5. Storm tracks in the upper troposphere
In this section the comparison of the various reanalyses in the upper troposphere are considered using cyclonic 250-hPa vorticity (ξ250) in the NH and SH to identify activity usually associated with pressure troughs. The 500-hPa vorticity (ξ500) will also briefly be considered. Other fields used in HH such as potential vorticity (PV) on a 330-K isentropic surface and potential temperature on a PV = 2 pvu surface could not be used as they are not available from all the reanalyses, although they could be computed given the model level data.
Figure 11 shows the track density for ξ250 in the NH for ERA15, the ECMWF operational analyses (1994–2001), and the NCEP–NCAR and GEOS-1 reanalyses. The pattern of the track density distributions looks very similar, but the level of activity for the ERA15 reanalysis differs significantly from that of the other analyses. The distributions for the ECMWF operational analyses and the NCEP–NCAR and GEOS-1 reanalyses are qualitatively very similar. These show a spiral of disturbances starting in the subtropical Atlantic, then extending through the Mediterranean and into the east Asian jet entrance region in a very narrow band before extending across the Pacific, continuing across North America and into the NH storm track. As pointed out by HH this spiraling band of upper-tropospheric disturbances can amplify through the depth of the troposphere where conditions are favorable such as in the usual baroclinic regions of the east coast of North America and Asia. There is also significant activity over the Siberian storm track region and a second track possibly related to this to the north of the Himalayas that also links up with the more southern track in the east Asian jet entrance region. The impression is of a split track to the north and south of the Himalayas. This is more apparent for ξ500 where the orography has more effect (Figs. 12c,d).
The differences between the ERA15 track density and those for the other analyses are quite dramatic, particularly in the western Pacific subtropical jet region. This is due to a considerable proportion of broken tracks that are removed by the track filtering due to their lack of propagation coherence. This, in turn, appears to be the result of the way the relatively sparse upper-tropospheric data are assimilated in ERA15, resulting in multiple centers (even at T42) and large jumps in displacement and direction when observations occur. Relaxing the constraints used in the optimization procedure for the tracking, that is, the maximum displacement distance and track smoothness, does not resolve this problem. The fact that this does not occur for the ECMWF operational analyses and the NCEP–NCAR and GEOS-1 reanalyses, which use more sophisticated assimilation systems, strongly suggests that this is a problem with the use of a limited form of OI in ERA15. In GEOS-1, IUA is used (Pfaendtner et al. 1995) as discussed in section 2, resulting in smoother fields. In this diagnostic the performance of this method appears to be comparable with the variational schemes, but it is more computationally expensive than the standard OI due to the need to rerun the forecast. The fact that the IUA approach gives comparable results with the variational schemes highlights the importance of the temporal as well as the spatial interpolation of observations. The ECMWF operational analyses give slightly higher track densities than the NCEP–NCAR and GEOS-1 results, probably due to the significantly higher integration resolution of the operational analyses of T213/L31, more recently T319/L50, and currently T511/L60.
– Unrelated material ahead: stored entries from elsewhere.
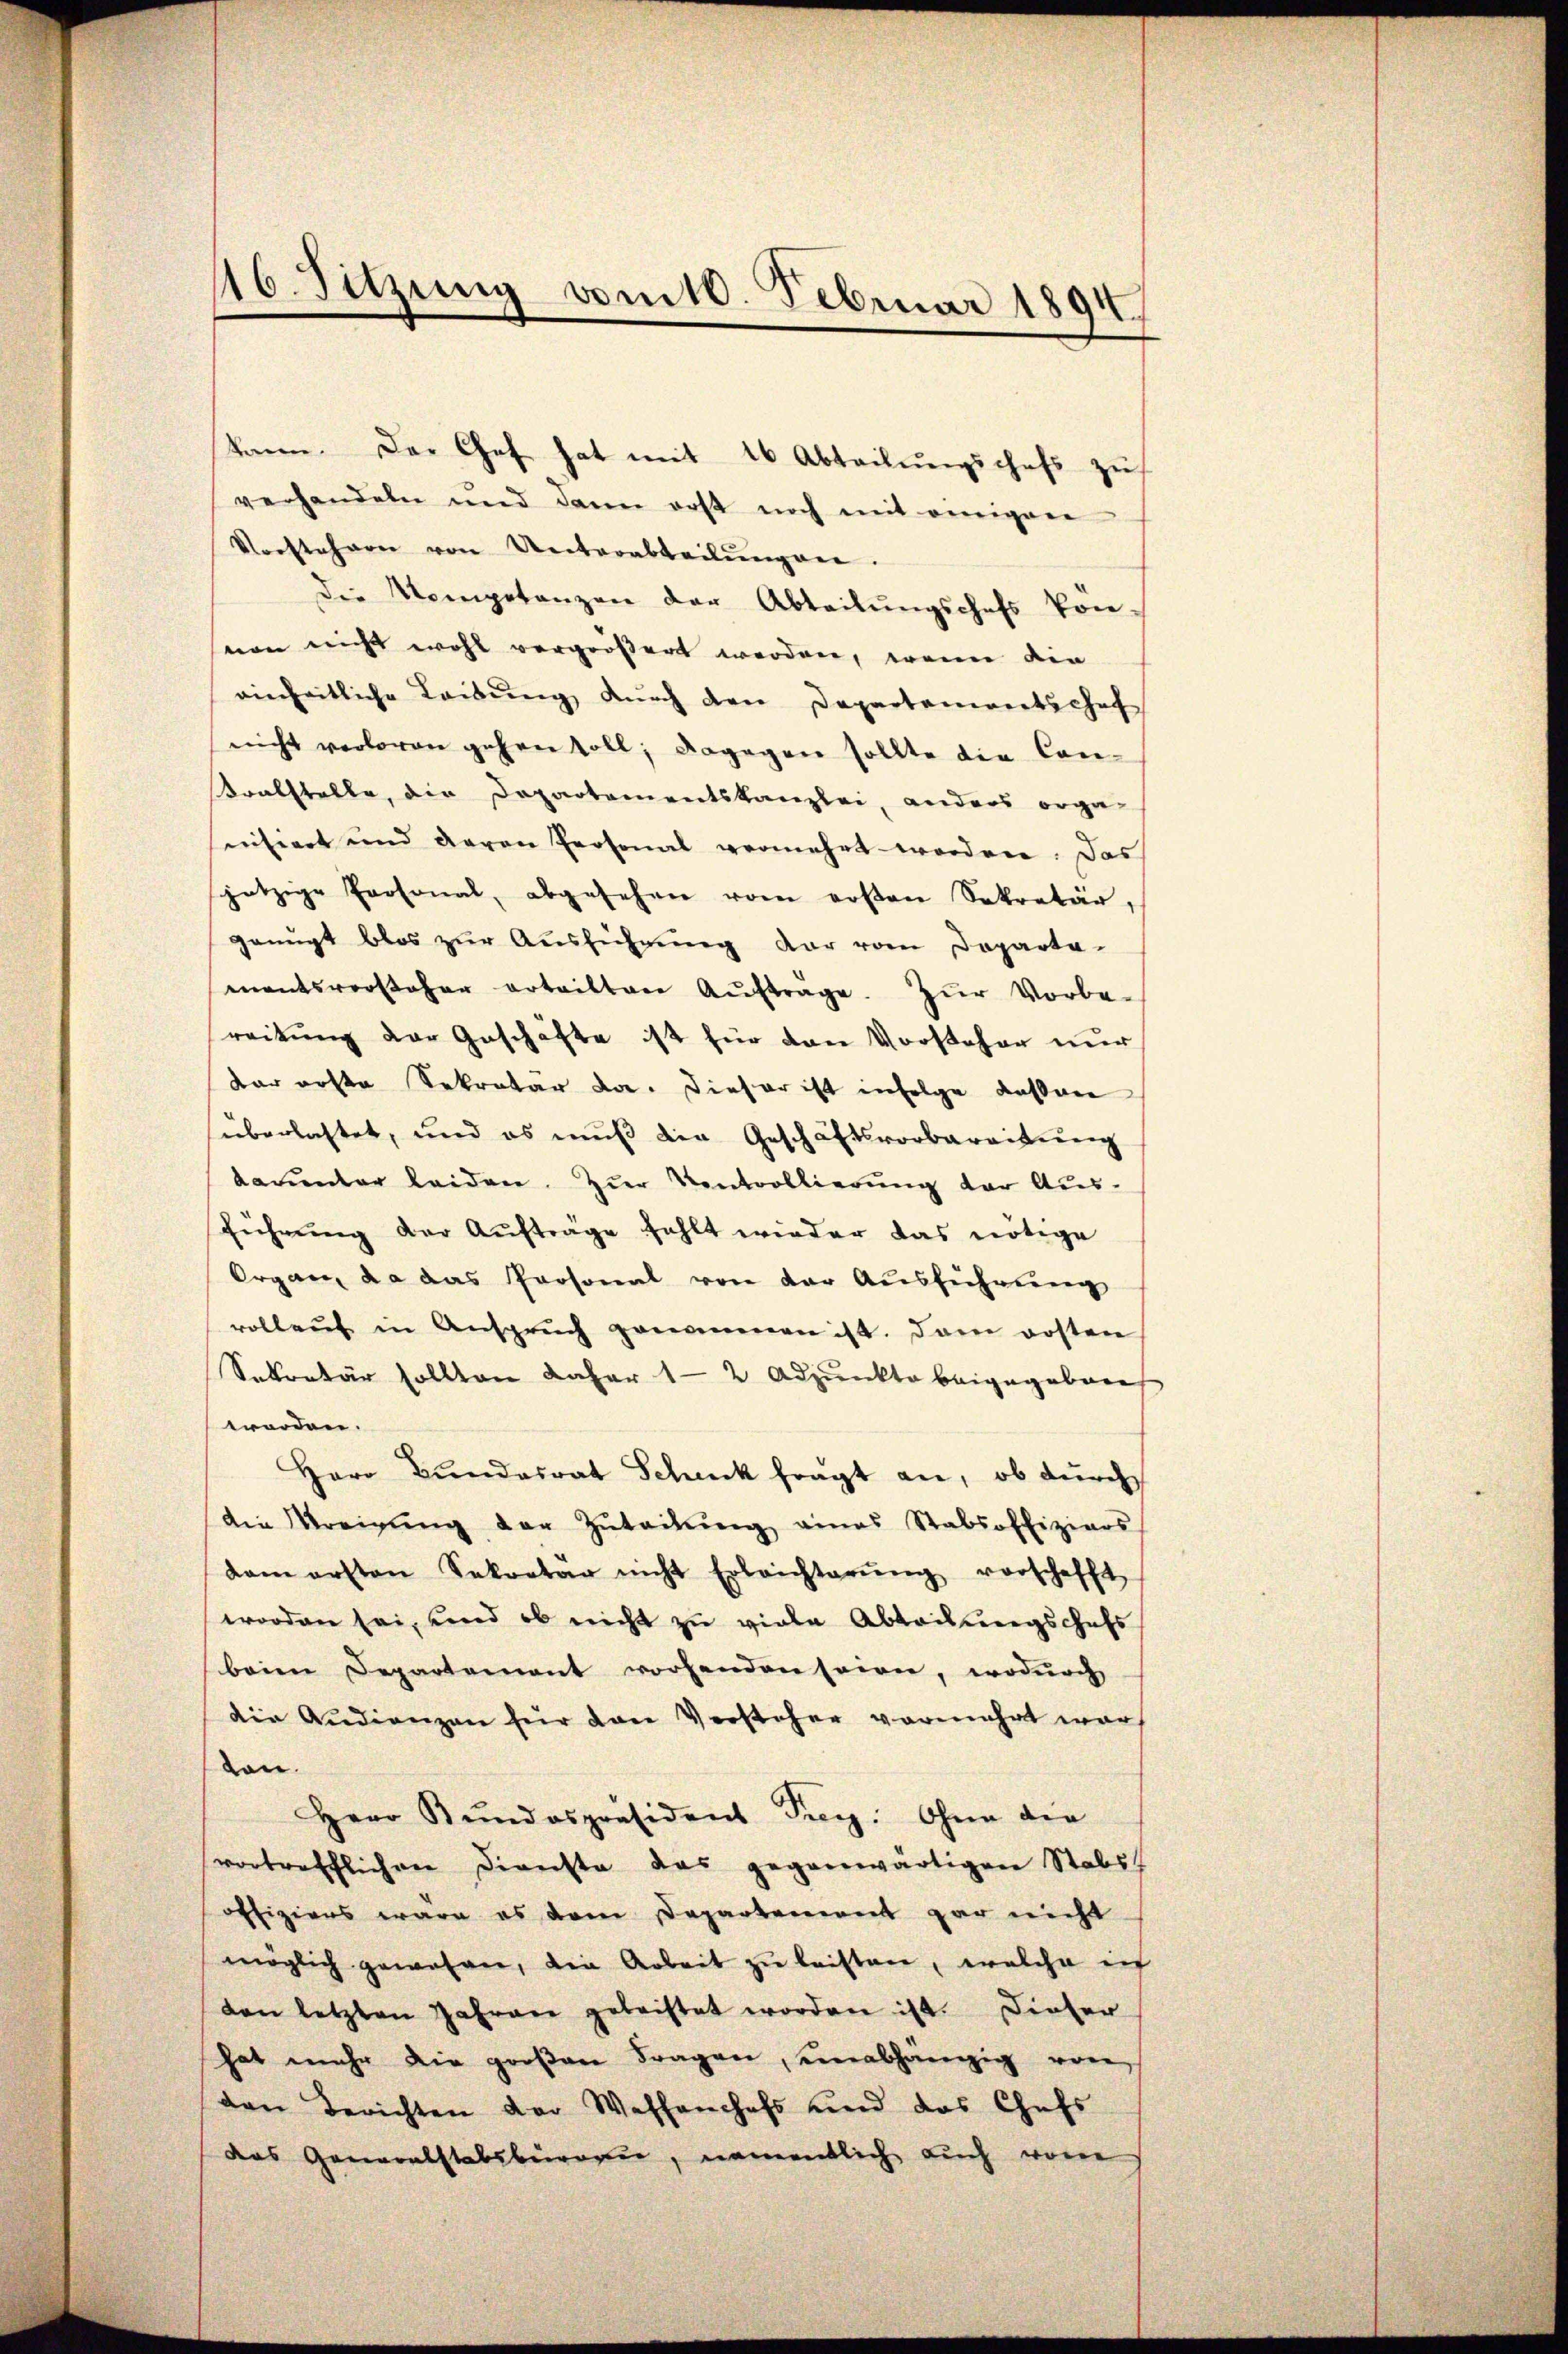
16. Sitzung vom 10. Februar 1891

kann. Der Chef hat mit 16 Abteilungschaft zu
verhandeln und dann erst noch mit einigen
Vorstehern von Unterabteilŭngen.
Die Kompetanzen der Abteilŭngschefs von
nen nicht wohl vergrößert worden, wenn die
einheitliche Leibŭng dŭrch den Departementschef
nicht verloren gehen soll; dagegen sollte die Con¬
Kralstelle, die Departementskanzlei, anders orga-
nisiert und daran Personal vermehrt worden. Das
jetzige Personal, abgesehen vom ersten Sekretär,
genügt blos zur Ausführung der vom Departa-
mentsvorsteher erteilten Aŭfträge. Zŭr Vorbe-
reitung der Geschäfte ist für den Vorsteher nur
dar erste Sekretär da. Dieser ist infolge dassen
überlastet, und es muß die Geschäftsvorbereitung
dauunter leiden. Zur Kontrollierung der Ausführŭng der Aufträge fehlt wieder das nötige
Organ, da das Personal von der Ausführung
rollent in Ansprŭch genommen ist. Dan posten
Sekretär sollten daher 1 - 2 Adjunkte beigegebene
worden.
Herr Bundesrat Schenk fragt an, ob durch
die Kreigŭng der Zŭteilŭng eines Stabsoffiziars
dam ersten Sekretär nicht Erleichterŭng vorschafft
worden sei, und ob nicht zu viele Abteilungschaft
beim Departement vorhanden seien, wodurch
die Audienzen für den Versteher vermehrt war
ten.
Herr Bŭndespräsident Frey. Ohne die
vortrefflichen Dienste das gegenwärtigen Stabs
offiziers wäre es dem Departement gar nicht
möglich gewohner, die Arbeit zŭ leisten, welche ich
den letzten Jahren gebachtet worden ist. Dieser
hat mehr die groβen Fragen, unabhängig von
den Berichten der Wassenhofs und das Chefs
das Generalstabsburger, namentlich auch von

The problem with the coherence of ERA15 upper-tropospheric disturbances is most pronounced in the smaller-scale fields such as vorticity and PV. It is less of a problem in larger-scale fields such as potential temperature, although it still exists to a lesser extent. Preliminary studies of ECMWF 40-yr Reanalysis (ERA40) data, which uses a 3DVAR system, shows again the efficacy of using a more sophisticated assimilation scheme with improvements in all upper-tropospheric fields but in particular in the small-scale fields.
In other seasons this problem is much reduced in ERA15. For example, the summer activity (JJA) at the 250-hPa level indicates much better agreement between ERA15 and NCEP–NCAR (cf. Figs. 12a,b, respectively). Hence, this problem appears to occur when the subtropical jets are at their strongest, with large upper-tropospheric winds and shear. Limited case studies performed as part of this study have shown filamentary structures associated with anomalies, particularly in the vicinity of the subtropical jets, so that poor use of the available observations in a relatively high-resolution model may result in a noisy representation of the systems.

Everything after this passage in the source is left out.